[Stored records]

========================================

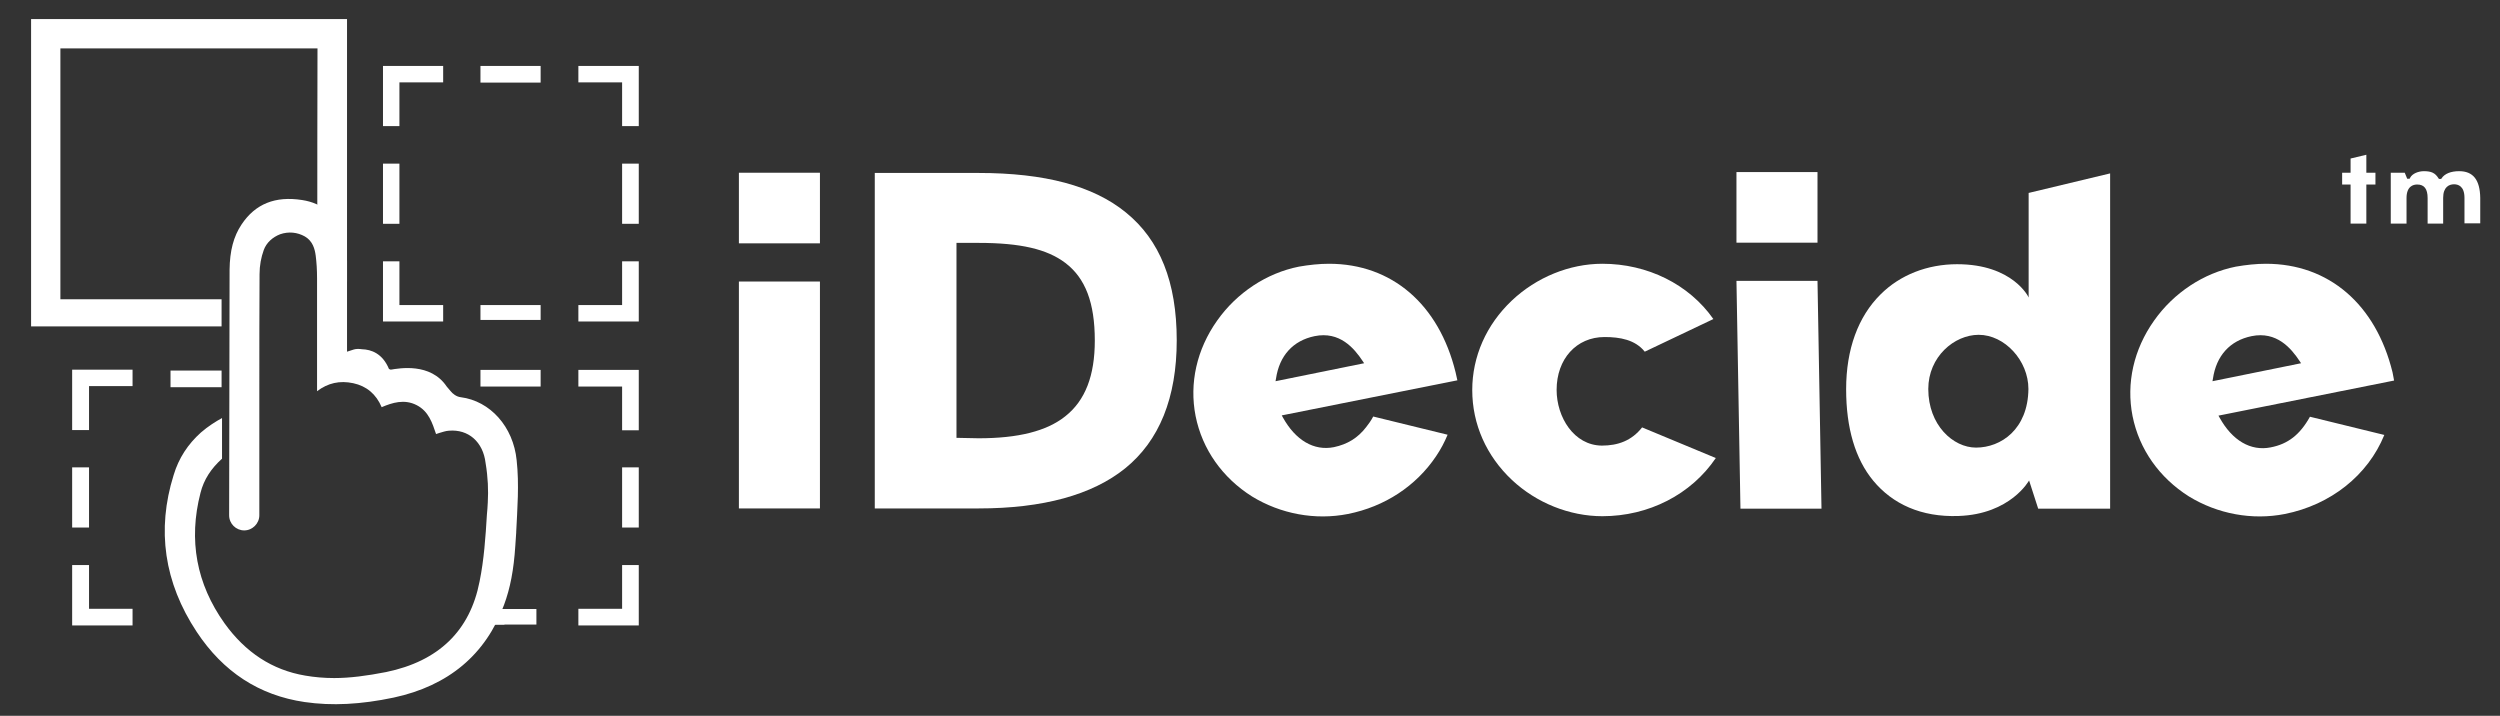 <?xml version="1.0" encoding="UTF-8"?>
<!-- Generator: Adobe Illustrator 27.5.0, SVG Export Plug-In . SVG Version: 6.00 Build 0)  -->
<svg xmlns="http://www.w3.org/2000/svg" xmlns:xlink="http://www.w3.org/1999/xlink" version="1.1" x="0px" y="0px" viewBox="0 0 1126 322.4" style="enable-background:new 0 0 1126 322.4;" xml:space="preserve">
<rect x="0" y="0" width="1126" height="322.4" fill="#333333" stroke="none"/>
<style type="text/css">
	.st0{fill:#FFFFFF;}
</style>
<g id="rJignsXdE-f">
	<g>
		<g>
			<rect x="213.4" y="274.3" class="st0" width="28.2" height="7"></rect>
			<g>
				<rect x="172.5" y="73.7" class="st0" width="7.4" height="27.1"></rect>
				<polygon class="st0" points="179.9,37.1 199.6,37.1 199.6,29.7 172.5,29.7 172.5,56.8 179.9,56.8     "></polygon>
				<rect x="216.4" y="29.7" class="st0" width="27.1" height="7.5"></rect>
				<polygon class="st0" points="260.5,29.7 260.5,37.1 280.2,37.1 280.2,56.8 287.7,56.8 287.7,29.7     "></polygon>
				<rect x="280.2" y="73.7" class="st0" width="7.5" height="27.1"></rect>
				<polygon class="st0" points="280.2,117.7 280.2,137.4 260.5,137.4 260.5,144.8 287.7,144.8 287.7,117.7     "></polygon>
				<rect x="216.4" y="137.4" class="st0" width="27.1" height="6.7"></rect>
				<polygon class="st0" points="179.9,137.4 179.9,117.7 172.5,117.7 172.5,144.8 199.6,144.8 199.6,137.4     "></polygon>
			</g>
			<g>
				<rect x="216.4" y="166.6" class="st0" width="27.1" height="7.5"></rect>
				<polygon class="st0" points="260.5,166.6 260.5,174.1 280.2,174.1 280.2,193.8 287.7,193.8 287.7,166.6     "></polygon>
				<rect x="280.2" y="210.5" class="st0" width="7.5" height="27.1"></rect>
				<polygon class="st0" points="280.2,254.5 280.2,274.2 260.5,274.2 260.5,281.7 287.7,281.7 287.7,254.5     "></polygon>
			</g>
			<g>
				<rect x="32.5" y="210.5" class="st0" width="7.6" height="27.1"></rect>
				<polygon class="st0" points="40.1,173.9 59.7,173.9 59.7,166.5 32.5,166.5 32.5,193.7 40.1,193.7     "></polygon>
				<polygon class="st0" points="40.1,274.2 40.1,254.5 32.5,254.5 32.5,281.7 59.7,281.7 59.7,274.2     "></polygon>
			</g>
		</g>
		<g>
			<rect x="76.8" y="166.9" class="st0" width="23" height="7.5"></rect>
		</g>
		<g>
			<path class="st0" d="M103.3,147L103.3,147v-12.2C103.3,138.8,103.3,143.1,103.3,147z"></path>
			<path class="st0" d="M14,8.6V147h85.8v-12.2H27.2v-113H143c0,0-0.2,83.4,0,85.2l13.3,19.7V8.6H14z"></path>
		</g>
		<path class="st0" d="M226,274.3c-0.9,2.4-2,4.8-3.2,7h4.4v-7H226z"></path>
		<path class="st0" d="M232.7,207.3c-1.5-15.1-11.9-26.7-25.2-28.4c-1.9-0.2-3.7-1.6-4.6-2.8c-0.6-0.7-1.2-1.4-1.7-2    c-7.3-10.9-21.5-8.2-25.2-7.6l-0.8-0.3c-2.9-7-8-8.8-12.2-8.9c-1.3-0.2-2.5-0.2-3.6,0.1l-3.1,1v-24.6c0-1,0-2,0-3v-13.3    c0-0.8-0.1-1.7-0.1-2.5c-0.1-2.9-0.8-6-1.8-9.3c-3-8.9-9.2-14.2-18.3-15.6c-12.1-1.9-21.1,1.7-27.3,11c-3.6,5.4-5.3,11.8-5.4,20.4    c0,2.8-0.2,110.6-0.2,110.6c0,3.8,3.1,6.8,6.8,6.8c3.7,0,6.8-3.1,6.8-6.8v-29.7v-9.9c0-5.9,0-11.7,0-17.6c0-16.8,0-34.3,0.1-51.4    c0-3.9,0.7-7.6,1.9-10.9s4-5.8,7.4-7.1c3.8-1.3,7.7-0.9,11.1,1c3.6,2.1,4.5,5.7,4.9,8.7c0.4,3.2,0.6,6.4,0.6,10.2    c0,12.6,0,25,0,38.1v12.7c4.9-3.7,10.2-4.9,16.3-3.6c6,1.3,10.3,4.9,12.8,10.8c4.7-2,10.2-3.8,15.8-0.9c5.4,2.8,7,8,8.7,13    c0.5-0.2,1-0.3,1.5-0.5c1.4-0.4,2.8-0.9,4.2-1c8.9-0.8,15.5,5.1,16.6,14.5c1.1,6.5,1.3,12.4,1,17.8c-0.1,1.8-0.2,3.7-0.4,5.5    c-0.6,10-1.3,20.3-3.3,30.1c-4.3,22.2-18.4,35.9-42.1,40.8c-8.7,1.7-16.3,2.7-23.4,2.7c-4.6,0-8.9-0.4-13-1.1    c-14.9-2.5-27-10.5-36.4-23.6c-12.6-17.7-16.3-37.4-10.8-58.7c1.5-6,4.8-11,9.7-15.4v-18.3c-2.6,1.4-6.3,3.7-9.5,6.5    c-5.8,5.2-10,11.5-12.3,19.2c-7.7,24.6-4.3,48.4,10.4,70.6c11.9,18,28.1,28.6,48.6,31.6c12.3,1.8,25.4,1.1,40.1-2    c24.7-5.3,41.5-19.4,49.7-41.7c2.8-7.5,4.4-15.8,5.1-26.7c0.1-1.9,0.3-4,0.4-5.9v-0.3C233,229.2,233.9,218.2,232.7,207.3z"></path>
	</g>
	<g>
		<rect x="332.8" y="126.8" class="st0" width="36.5" height="102.2"></rect>
		<path class="st0" d="M507.1,95.7c-14.7-12-36.5-17.8-66.4-17.8H394V229h46.7c29.1,0,51.2-6.1,66-18c15.5-12.5,23.3-31.9,23.3-57.7    C530,127,522.4,108.1,507.1,95.7z M479.8,187.5c-8.4,6.7-21.2,9.9-39,9.9l-10-0.2v-87.8h10c18.8,0,30.8,2.8,39,9    c9.1,6.9,13.3,18,13.3,35C493.1,169.2,488.8,180.4,479.8,187.5z"></path>
		<path class="st0" d="M655.6,167.7c-7.5-30.6-28.7-48.9-57-48.9c-4.4,0-9,0.5-13.6,1.3c-14.5,2.9-27.9,11.7-36.8,24.3    c-9.2,13-12.6,28.2-9.7,43c3,15,12.1,27.8,25.4,36.2c12.9,7.9,28.5,10.8,43.2,7.9c16.6-3.3,30.7-12.6,39.7-26    c2.1-3.1,3.8-6.3,5.2-9.7l-33.5-8.2c-1,1.9-2.1,3.4-3.2,4.8c-3.8,4.9-8.4,7.7-14.5,9c-9,1.8-17.3-3.1-23-13.4l-0.5-0.9l1-0.2    l78.1-15.6L655.6,167.7z M574.5,171.7l0.2-1.1c1.5-10.4,7.7-17.2,17.4-19.2c11.3-2.3,17.8,5.4,21.7,11.3l0.6,0.9L574.5,171.7z"></path>
		<path class="st0" d="M701.1,175.6c0-13.9,8.9-23.8,21.6-23.8c6.9,0,13.8,1.2,18.1,6.6l30.9-14.7c-11-15.7-29.7-24.9-50-24.9    c-14.8,0-29.7,6.1-40.8,16.6c-11.5,10.9-17.8,25.2-17.8,40.3c0,15.4,6.4,29.7,17.9,40.5c11,10.3,25.9,16.3,40.7,16.3    c20.9,0,40-9.8,51.1-26.2l-33.2-13.8c-4.7,6-10.9,8.2-18.1,8.2C708.9,200.6,701.1,187.9,701.1,175.6z"></path>
		<path class="st0" d="M881.5,119c-13.4,0-25.7,4.8-34.5,13.6c-10.1,10-15.5,24.7-15.5,42.7c0,17.5,4.1,31.4,12.2,41.2    c8.7,10.5,21.6,16.5,38.4,15.9c23.5-0.8,31.8-16,31.8-16l4.1,12.7h32.4v-151l-36.7,8.8V134C913.8,134,906.7,119,881.5,119z     M890,201.6c-10.3,0-21.5-10.1-21.5-26.4c0-14.5,11.7-24.4,22.7-24.4c11.7,0,22.4,11.6,22.4,24.4    C913.4,193.3,901.3,201.6,890,201.6z"></path>
		<path class="st0" d="M1077.6,167.7c-7.5-30.6-28.7-48.9-57-48.9c-4.4,0-9,0.5-13.6,1.3c-14.5,2.9-27.9,11.7-36.8,24.3    c-9.2,13-12.6,28.2-9.7,43c3,15,12.1,27.8,25.4,36.2c12.9,7.9,28.5,10.8,43.2,7.9c20.6-4.1,37.4-17.4,44.8-35.6l-33.5-8.2    c-4.5,8.1-9.9,12.3-17.7,13.8c-9,1.8-17.3-3.1-23-13.4l-0.5-0.9l1-0.2l78.1-15.6L1077.6,167.7z M996.5,171.7l0.2-1.1    c1.5-10.4,7.7-17.2,17.4-19.2c11.3-2.3,17.8,5.4,21.7,11.3l0.6,0.9L996.5,171.7z"></path>
		<rect x="332.8" y="77.8" class="st0" width="36.5" height="31.8"></rect>
		<polygon class="st0" points="783.9,229.1 820.4,229.1 818.6,126.5 782.1,126.5   "></polygon>
		<rect x="782.1" y="77.5" class="st0" width="36.5" height="31.8"></rect>
		<polygon class="st0" points="1058.7,100.7 1065.8,100.7 1065.8,83.1 1069.9,83.1 1069.9,77.8 1065.8,77.8 1065.8,69.7     1058.7,71.4 1058.7,77.8 1054.9,77.8 1054.9,83.1 1058.7,83.1   "></polygon>
		<path class="st0" d="M1107.6,77.1c-3.7,0-6.5,1.1-7.9,3.2l0,0l-0.2,0.3h-1l-0.2-0.3c-1.5-2.4-3.2-3.2-6.6-3.2c-2.3,0-5.2,1-6.2,3    l-0.2,0.4h-1.1l-1.1-2.7h-6.3v22.9h7.1V89.2c0-5.3,3-6.1,4.8-6.1c3.2,0,4.7,2,4.7,6.1v11.5h7V89.1c0-4.9,2.7-6.1,4.9-6.1    c1.8,0,4.7,0.8,4.7,6.1v11.5h7.1V89.2C1117,81,1113.9,77.1,1107.6,77.1z"></path>
	</g>
</g>
<g id="Layer_2">
</g>
</svg>

========================================

## Work instruction:
There is a run of lines above from the one with "820.4,229.1 818.6,126.5 782.1,126.5" to the one with "1065.8,100.7 1065.8,83.1 1069.9,83.1"; print exactly that run, both ends included, and nothing else.

## Problem solution:
		<polygon class="st0" points="783.9,229.1 820.4,229.1 818.6,126.5 782.1,126.5   "></polygon>
		<rect x="782.1" y="77.5" class="st0" width="36.5" height="31.8"></rect>
		<polygon class="st0" points="1058.7,100.7 1065.8,100.7 1065.8,83.1 1069.9,83.1 1069.9,77.8 1065.8,77.8 1065.8,69.7     1058.7,71.4 1058.7,77.8 1054.9,77.8 1054.9,83.1 1058.7,83.1   "></polygon>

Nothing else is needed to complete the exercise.